Reputation: 313
Is it possible to see the actual content of a FULLTEXT INDEX
in MySQL? Or even query the index directly (like SELECT words FROM table.fulltext_index
and it would return all indexed words, just to have a example)?
For a regular b-tree index on a scalar field this is not neccessary, because they are just the same values, just ordered to speed up lookups (basically). But in a fulltext index there's happening so much "language magic" that it's very hard to know what actually lands in the index when doing an INSERT
to the table.
Upvotes: 0
Views: 803
Reputation: 142560
MyISAM has a way, but you are probably not using that version. It includes a way to get the words.

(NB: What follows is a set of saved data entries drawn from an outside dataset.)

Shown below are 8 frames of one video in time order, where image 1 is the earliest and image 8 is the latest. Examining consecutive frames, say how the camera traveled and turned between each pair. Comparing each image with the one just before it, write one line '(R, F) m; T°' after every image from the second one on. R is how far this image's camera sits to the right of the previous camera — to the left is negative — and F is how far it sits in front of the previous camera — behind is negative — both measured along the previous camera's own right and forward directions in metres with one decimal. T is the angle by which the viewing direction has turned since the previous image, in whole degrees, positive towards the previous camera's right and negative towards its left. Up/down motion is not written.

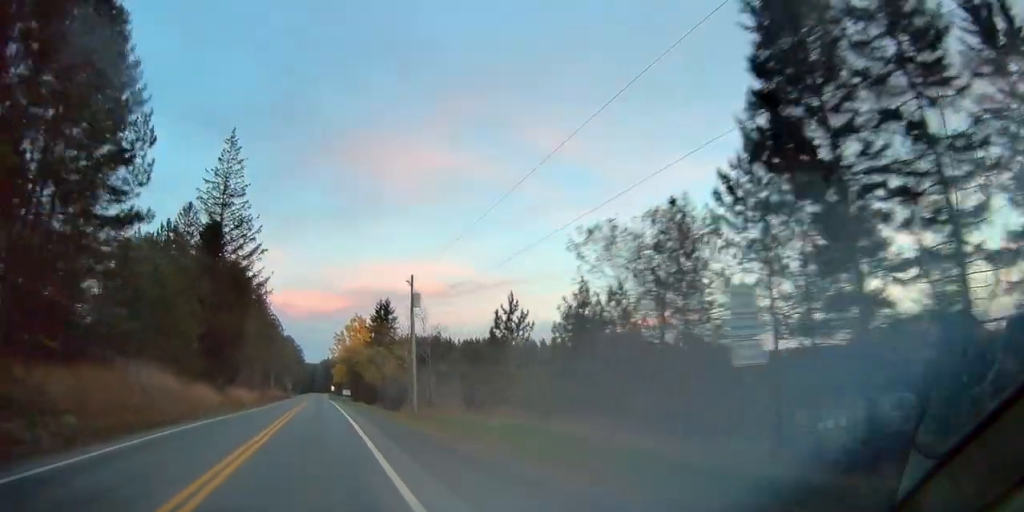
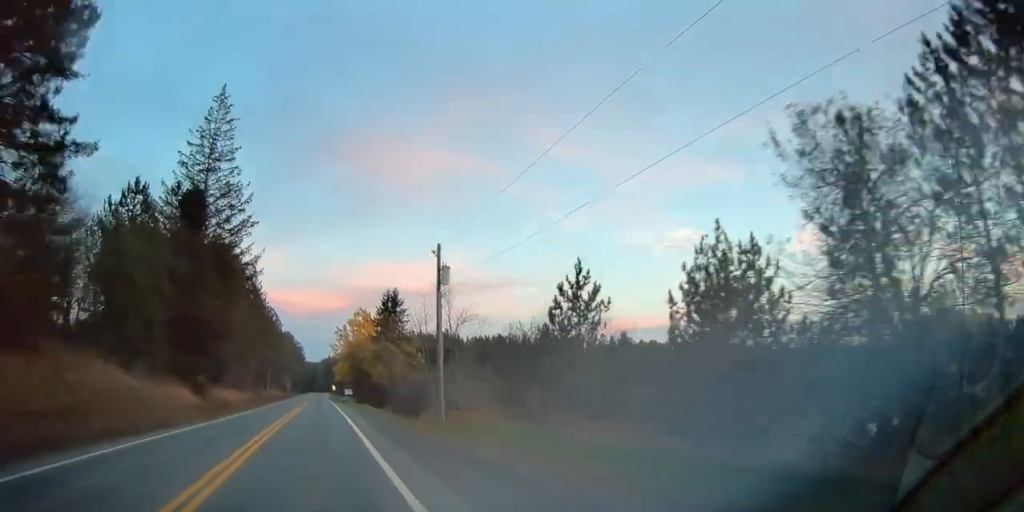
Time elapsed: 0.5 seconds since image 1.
(0.0, +9.7) m; 0°
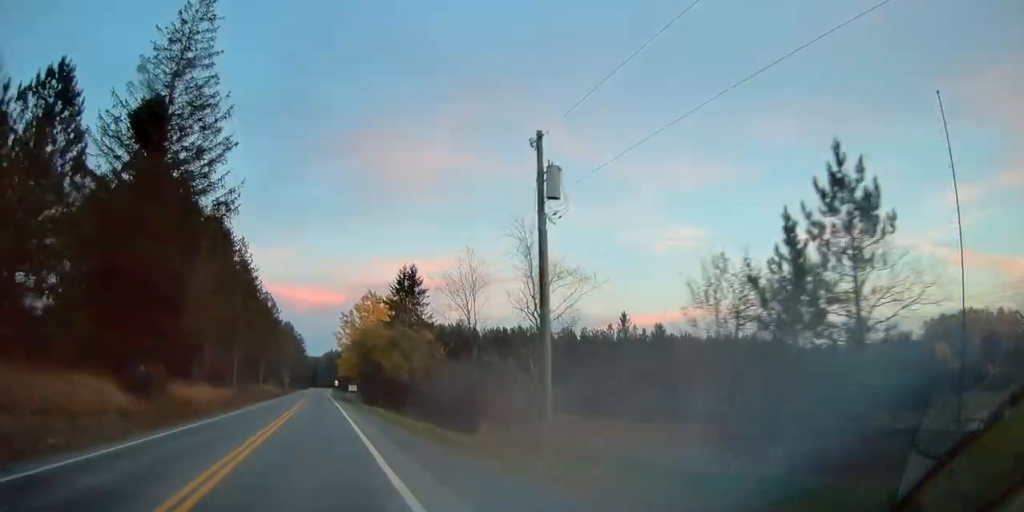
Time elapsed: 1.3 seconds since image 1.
(-0.1, +15.7) m; 0°
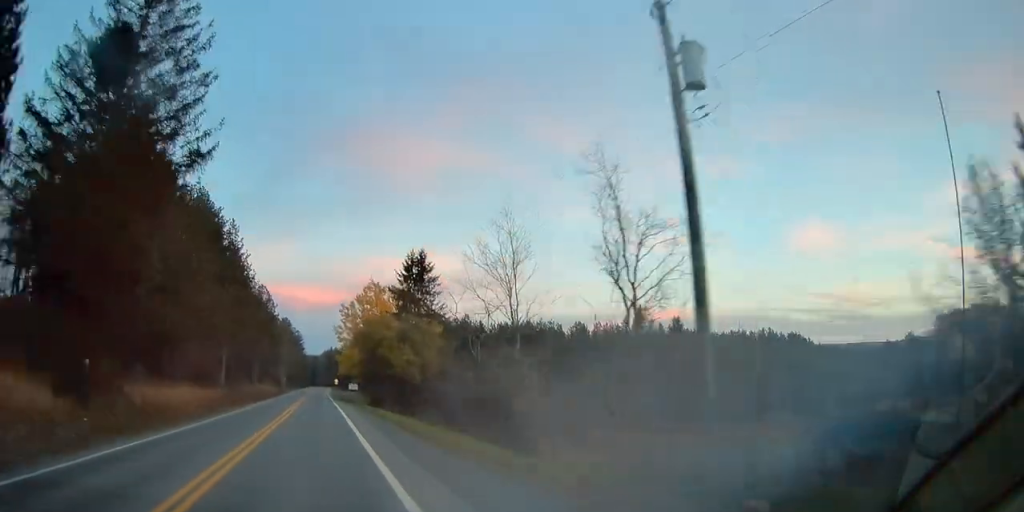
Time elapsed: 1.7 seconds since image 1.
(-0.1, +7.9) m; 0°
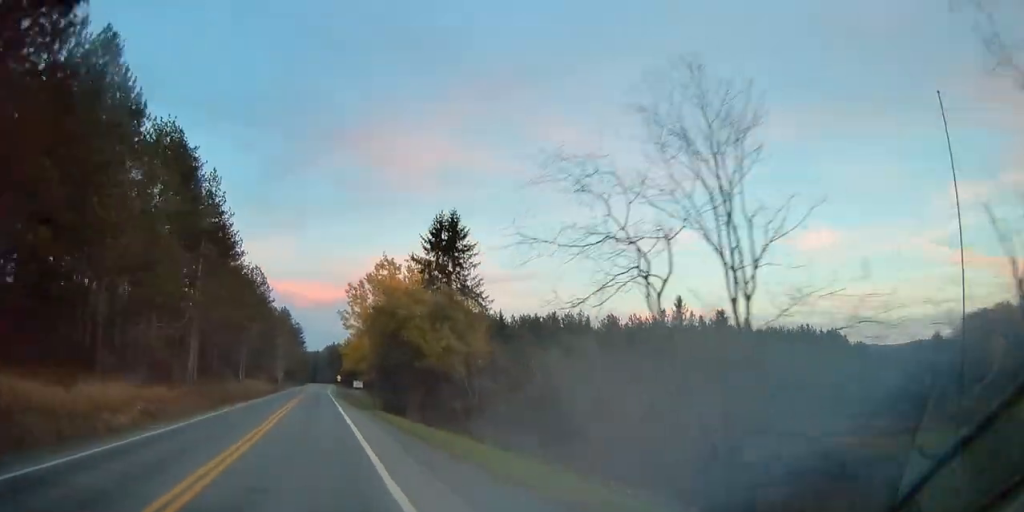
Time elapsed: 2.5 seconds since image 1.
(0.0, +15.3) m; 0°
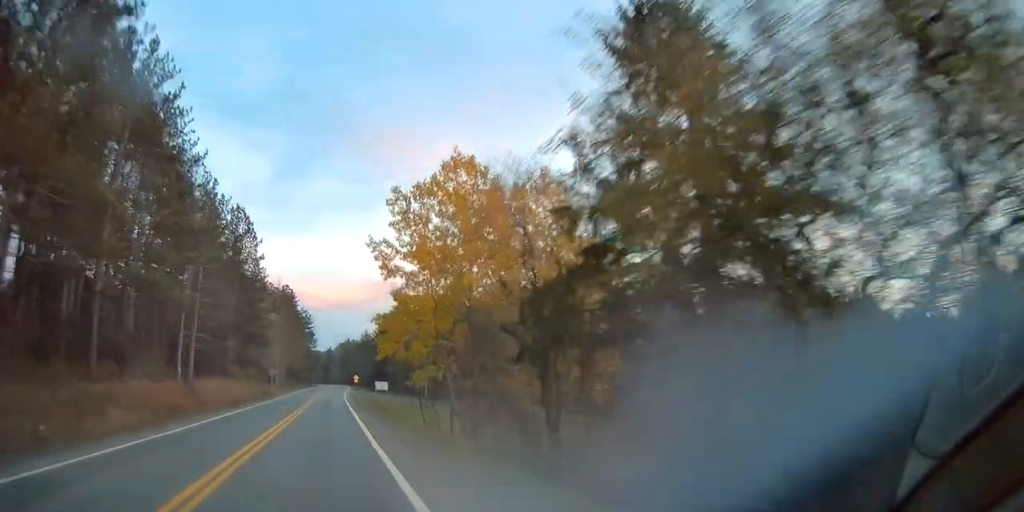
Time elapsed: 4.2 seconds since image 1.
(+0.1, +35.1) m; -1°
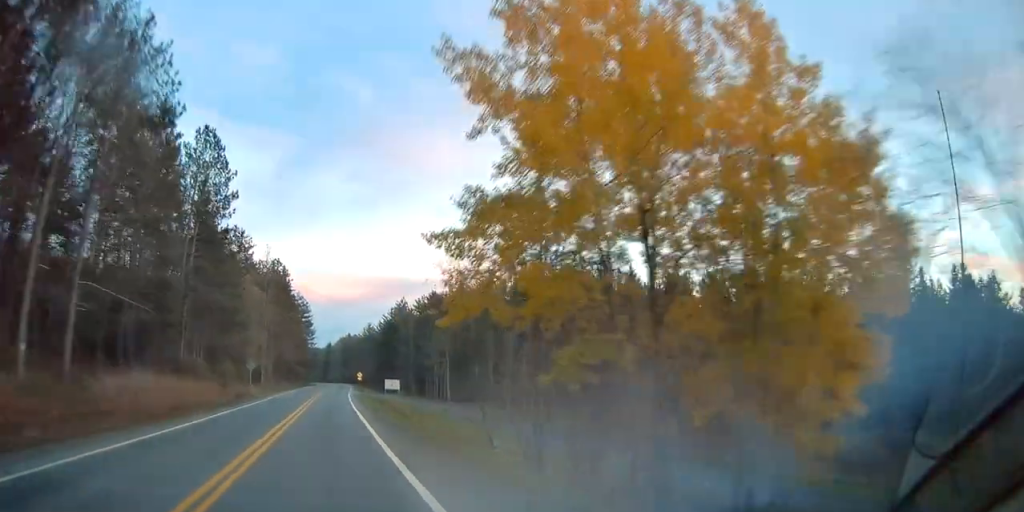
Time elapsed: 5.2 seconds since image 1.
(-0.3, +21.1) m; -1°
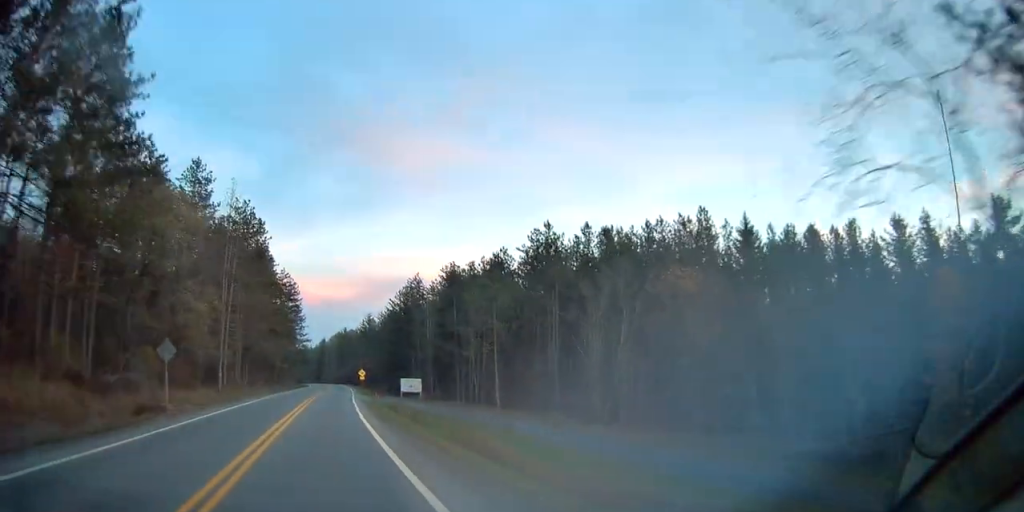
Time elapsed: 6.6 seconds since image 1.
(+0.2, +28.1) m; +1°

InnoDB builds an inverted index with the word + row number (probably PRIMARY KEY
) + column (if you are indexing multiple columns together) + byte offset into the column. I suspect that last item is stored as a commalist (or similar). That is, I envision the index being something like this:
CREATE TABLE ft_index_for_table_x (
word VARCHAR ...,
pk ..., -- possibly multiple columns
col ..., -- which column the word occurs in
offsets ..., -- list of byte offsets
PRIMARY KEY(word, pk, col)
) ENGINE=InnoDB -- but not really.
Also, note that there are a bunch of transient files; these seem to collect the index info before finally consolidating into the structure above.
I have not heard of a tool for inspecting the index.
This gets something, but I don't think it is quite the list of words:
strings FTS*.ibd |
awk '/^[a-z]+$/' |
sort |
uniq -c |
sort -nr
The last sort gets them with the most frequent first; remove to get them alphabetically.
Upvotes: 1